Sorry to hear about your struggles. That is why we need intelligent conversations about healthcare.  You should be able to receive reasonable care that is appropriate to your circumstances and conditions.  Your situation is an example of inherent dangers of institutionalized care.   A bureaucracy is determining nurse hours a budget.  The system may not be considering, or us considering, home care cost vs a group facility.   But not everyone has parents or a private home option.  Maybe better group homes is what is needed.   If they had better group homes, would it be mandatory for you? Would you have the option to choose one or the other?  Or would an institution be mandatory for any care?

Those are the hard questions.

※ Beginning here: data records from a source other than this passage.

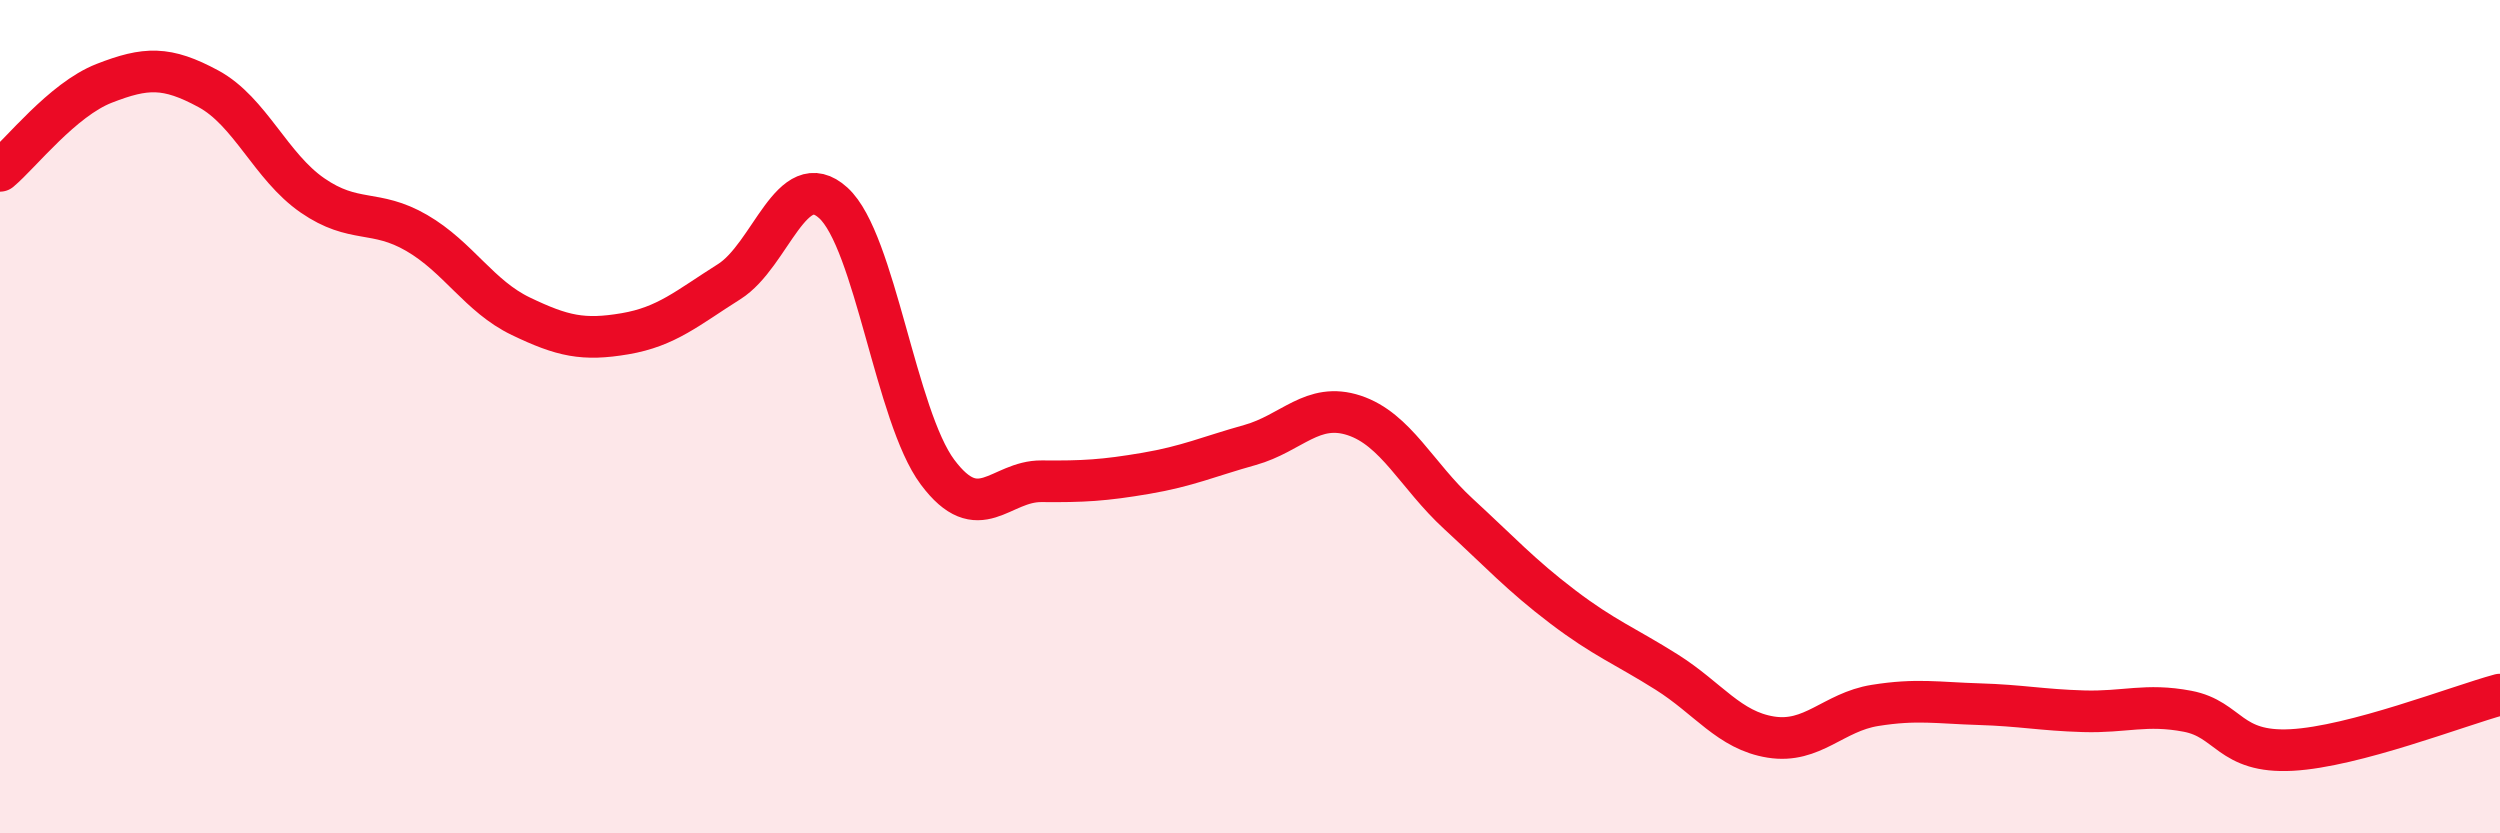 
    <svg width="60" height="20" viewBox="0 0 60 20" xmlns="http://www.w3.org/2000/svg">
      <path
        d="M 0,4.1 C 0.5,3.68 1.5,2.39 2.5,2 C 3.5,1.61 4,1.59 5,2.13 C 6,2.67 6.5,4 7.5,4.69 C 8.5,5.38 9,5.01 10,5.59 C 11,6.17 11.5,7.11 12.5,7.59 C 13.5,8.07 14,8.18 15,8.01 C 16,7.84 16.5,7.39 17.5,6.76 C 18.5,6.13 19,3.96 20,4.87 C 21,5.78 21.5,9.99 22.5,11.33 C 23.5,12.67 24,11.54 25,11.55 C 26,11.56 26.5,11.53 27.5,11.36 C 28.5,11.19 29,10.96 30,10.68 C 31,10.4 31.5,9.64 32.5,9.97 C 33.5,10.3 34,11.41 35,12.33 C 36,13.25 36.5,13.8 37.5,14.56 C 38.5,15.32 39,15.5 40,16.13 C 41,16.76 41.5,17.53 42.5,17.69 C 43.5,17.85 44,17.09 45,16.93 C 46,16.77 46.5,16.87 47.5,16.9 C 48.5,16.93 49,17.04 50,17.07 C 51,17.1 51.5,16.88 52.5,17.07 C 53.5,17.26 53.5,18.08 55,18 C 56.5,17.92 59,16.94 60,16.67L60 20L0 20Z"
        fill="#EB0A25"
        opacity="0.1"
        stroke-linecap="round"
        stroke-linejoin="round"
      />
      <path
        d="M 0,4.1 C 0.5,3.68 1.5,2.39 2.5,2 C 3.5,1.61 4,1.59 5,2.13 C 6,2.67 6.5,4 7.5,4.69 C 8.5,5.38 9,5.01 10,5.59 C 11,6.17 11.5,7.11 12.5,7.59 C 13.5,8.07 14,8.18 15,8.01 C 16,7.84 16.5,7.39 17.5,6.76 C 18.5,6.13 19,3.96 20,4.87 C 21,5.78 21.5,9.99 22.5,11.33 C 23.5,12.67 24,11.54 25,11.55 C 26,11.56 26.5,11.53 27.5,11.36 C 28.5,11.19 29,10.96 30,10.68 C 31,10.4 31.5,9.64 32.5,9.97 C 33.5,10.3 34,11.41 35,12.33 C 36,13.25 36.5,13.8 37.5,14.56 C 38.5,15.32 39,15.5 40,16.13 C 41,16.76 41.5,17.53 42.5,17.69 C 43.5,17.85 44,17.09 45,16.93 C 46,16.77 46.5,16.87 47.5,16.9 C 48.5,16.93 49,17.04 50,17.07 C 51,17.1 51.5,16.88 52.5,17.07 C 53.5,17.26 53.5,18.08 55,18 C 56.5,17.92 59,16.94 60,16.67"
        stroke="#EB0A25"
        stroke-width="1"
        fill="none"
        stroke-linecap="round"
        stroke-linejoin="round"
      />
    </svg>

In the U K, going outside the NHS is very difficult.   My aunt lives in an underserved area and saw a private Dr because she was in too much pain.  She was diagnosed with gall stones.   Despite that, to date, it's been five months going through the NHS system because they will not recognize or pay for any treatment , tests, or diagnosis done outside of the NHS.   PERIOD.  

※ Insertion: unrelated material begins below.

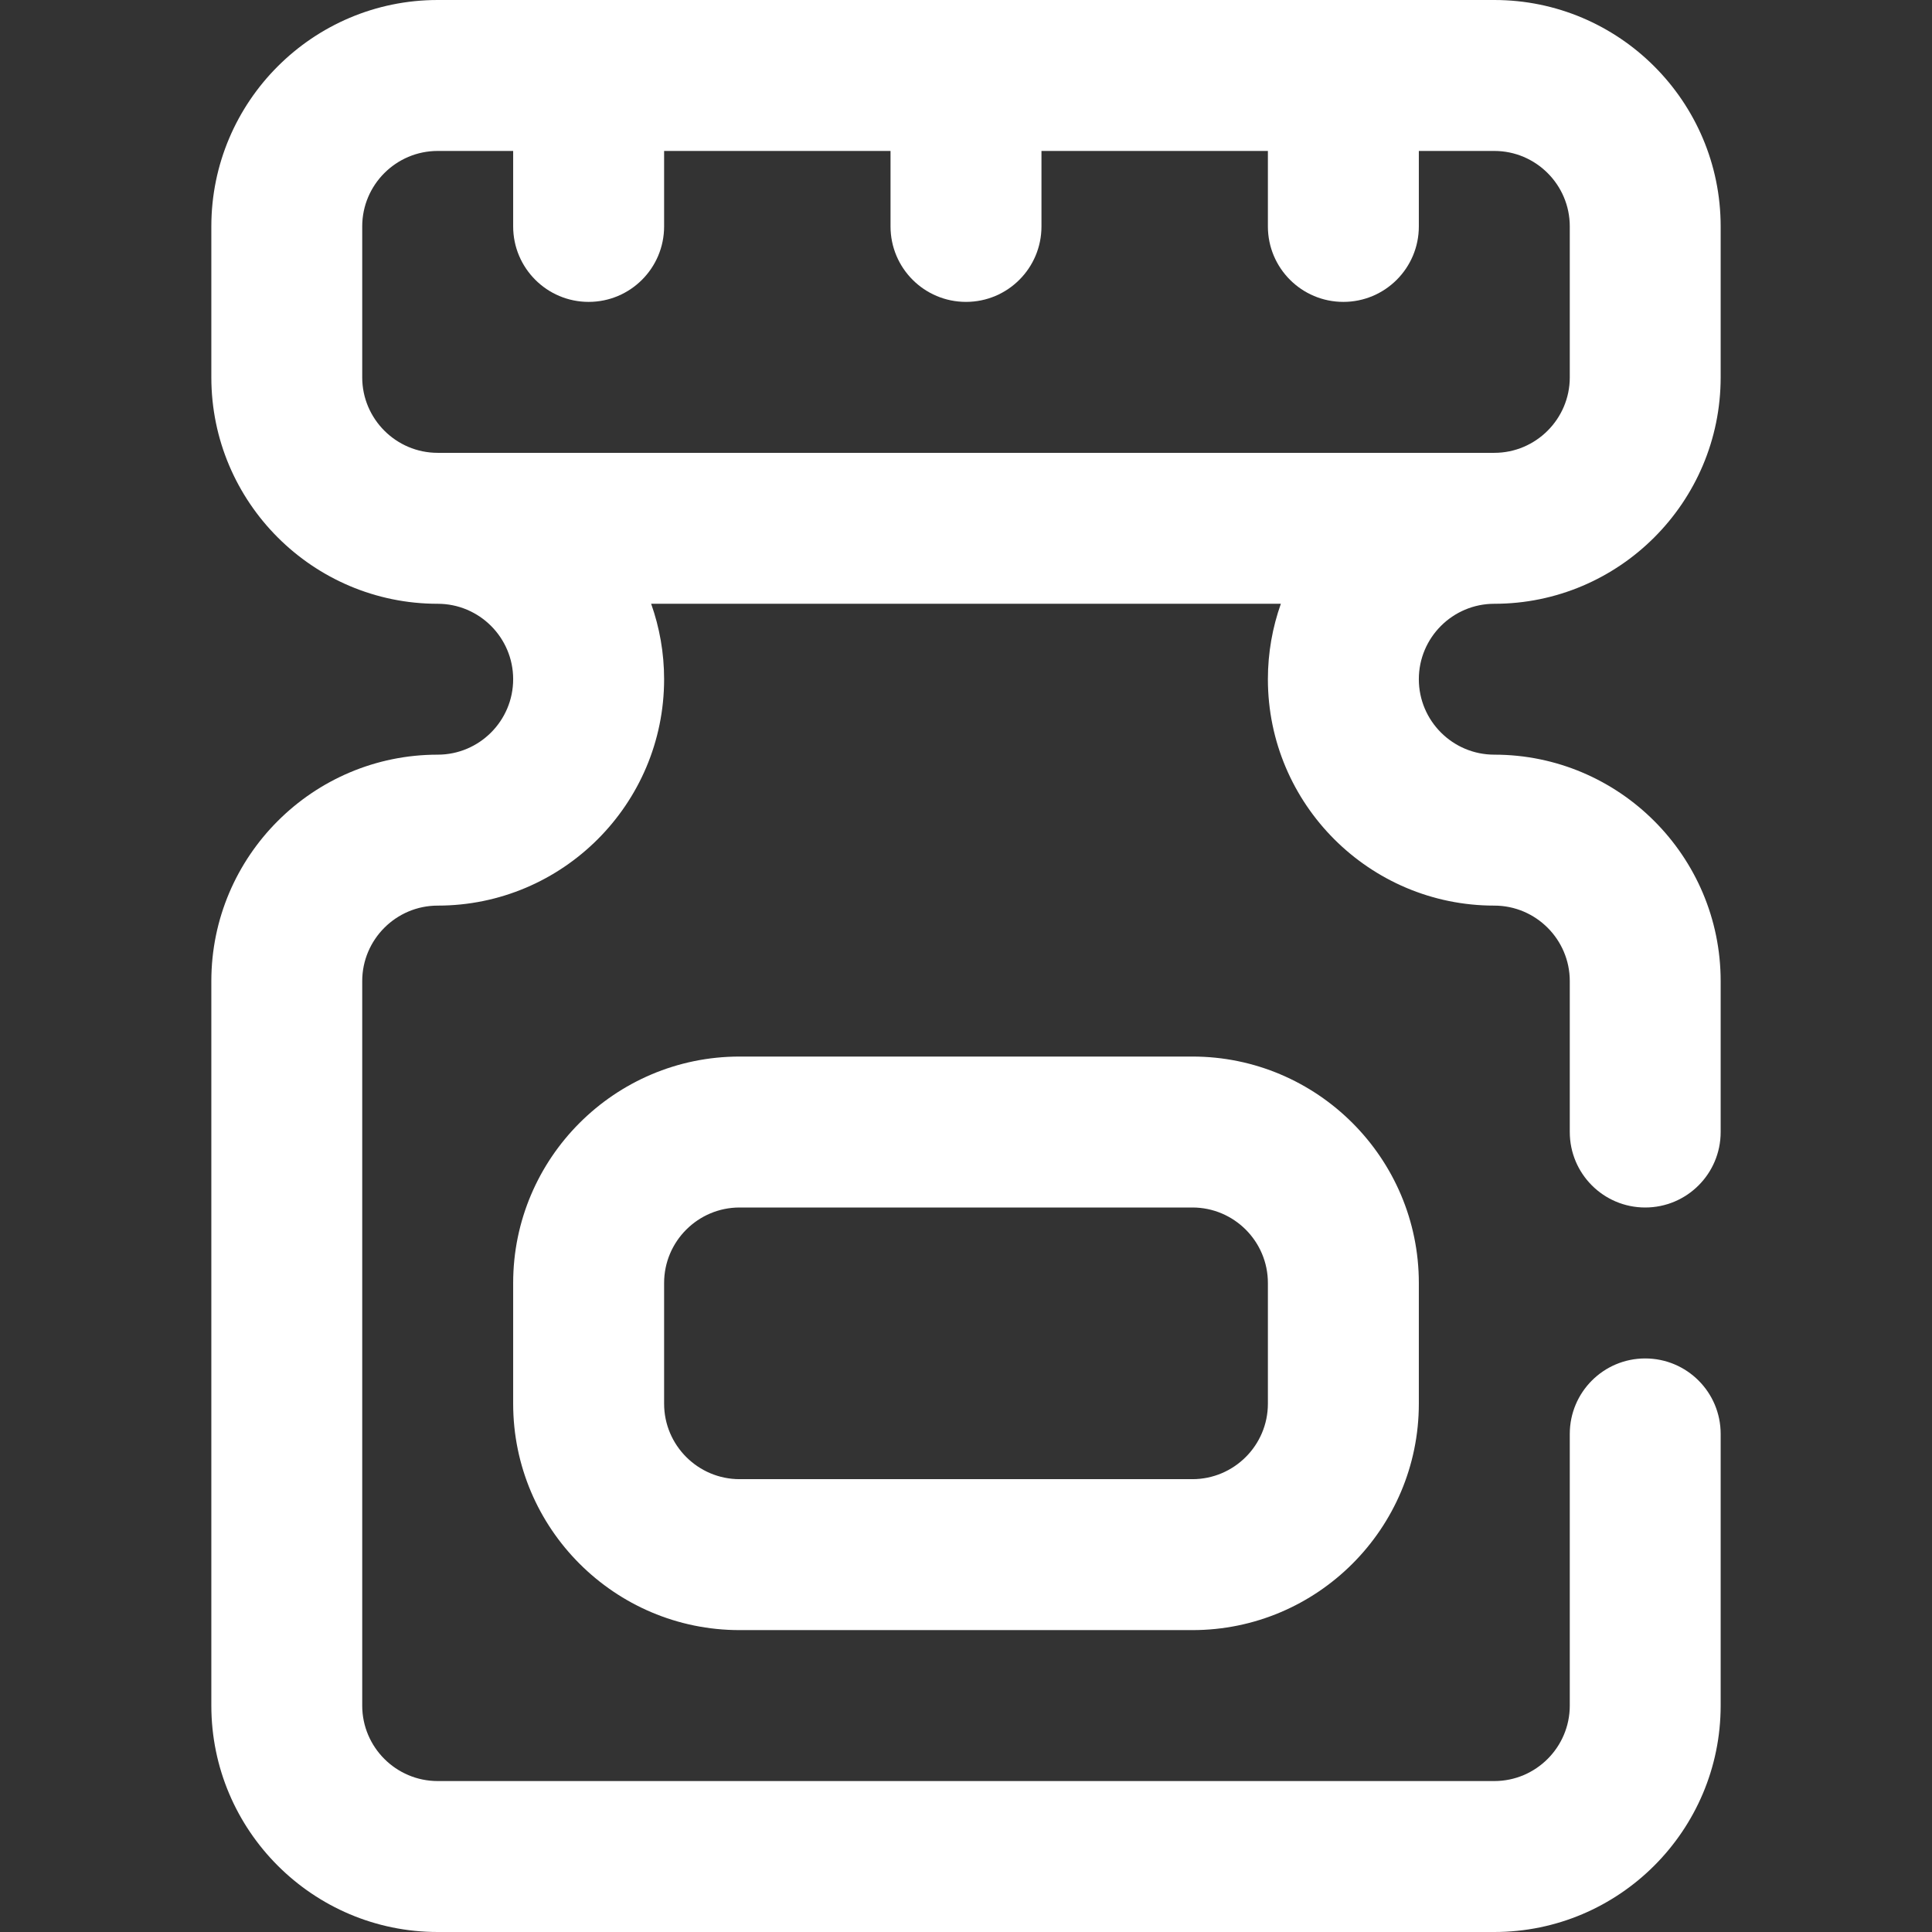 <?xml version="1.0" encoding="UTF-8"?> <svg xmlns="http://www.w3.org/2000/svg" width="31" height="31" viewBox="0 0 31 31" fill="none"><rect x="0" y="0" width="31" height="31" fill="#333333" stroke="none"/> <path d="M23.977 9.688C25.98 9.688 27.609 8.058 27.609 6.055V3.633C27.609 1.63 25.98 0 23.977 0H7.023C5.02 0 3.391 1.63 3.391 3.633V6.055C3.391 8.058 5.02 9.688 7.023 9.688C7.691 9.688 8.234 10.231 8.234 10.898C8.234 11.566 7.691 12.109 7.023 12.109C5.02 12.109 3.391 13.739 3.391 15.742V27.367C3.391 29.37 5.02 31 7.023 31H23.977C25.98 31 27.609 29.37 27.609 27.367V23.008C27.609 22.339 27.067 21.797 26.398 21.797C25.73 21.797 25.188 22.339 25.188 23.008V27.367C25.188 28.035 24.644 28.578 23.977 28.578H7.023C6.356 28.578 5.812 28.035 5.812 27.367V15.742C5.812 15.075 6.356 14.531 7.023 14.531C9.027 14.531 10.656 12.902 10.656 10.898C10.656 10.474 10.582 10.066 10.448 9.688H20.552C20.418 10.066 20.344 10.474 20.344 10.898C20.344 12.902 21.973 14.531 23.977 14.531C24.644 14.531 25.188 15.075 25.188 15.742V18.164C25.188 18.833 25.73 19.375 26.398 19.375C27.067 19.375 27.609 18.833 27.609 18.164V15.742C27.609 13.739 25.98 12.109 23.977 12.109C23.309 12.109 22.766 11.566 22.766 10.898C22.766 10.231 23.309 9.688 23.977 9.688ZM5.812 3.633C5.812 2.965 6.356 2.422 7.023 2.422H8.234V3.633C8.234 4.302 8.777 4.844 9.445 4.844C10.114 4.844 10.656 4.302 10.656 3.633V2.422H14.289V3.633C14.289 4.302 14.831 4.844 15.5 4.844C16.169 4.844 16.711 4.302 16.711 3.633V2.422H20.344V3.633C20.344 4.302 20.886 4.844 21.555 4.844C22.224 4.844 22.766 4.302 22.766 3.633V2.422H23.977C24.644 2.422 25.188 2.965 25.188 3.633V6.055C25.188 6.722 24.644 7.266 23.977 7.266H7.023C6.356 7.266 5.812 6.722 5.812 6.055V3.633Z" fill="white"></path> <path d="M11.867 16.953C9.864 16.953 8.234 18.583 8.234 20.586V22.523C8.234 24.527 9.864 26.156 11.867 26.156H19.133C21.136 26.156 22.766 24.527 22.766 22.523V20.586C22.766 18.583 21.136 16.953 19.133 16.953H11.867ZM20.344 20.586V22.523C20.344 23.191 19.8 23.734 19.133 23.734H11.867C11.2 23.734 10.656 23.191 10.656 22.523V20.586C10.656 19.918 11.2 19.375 11.867 19.375H19.133C19.8 19.375 20.344 19.918 20.344 20.586Z" fill="white"></path> </svg>

We complain about our system, but they have issues too.  

Fixing the health care crisis should not be an us vs them fight.   Obamacare was jammed through and has been politically resented.  Obamacare has serious flaws.   Going to a Single Payer system solves nothing because it doesn't fix the systems problems, just throws  "other people's money" at it.   

We aren't Bangladesh where anything is an improvement.  We aren't so bad off that copying another's flawed system is necessarily an improvement.  Nor is the US system so great that some aspects should be changed.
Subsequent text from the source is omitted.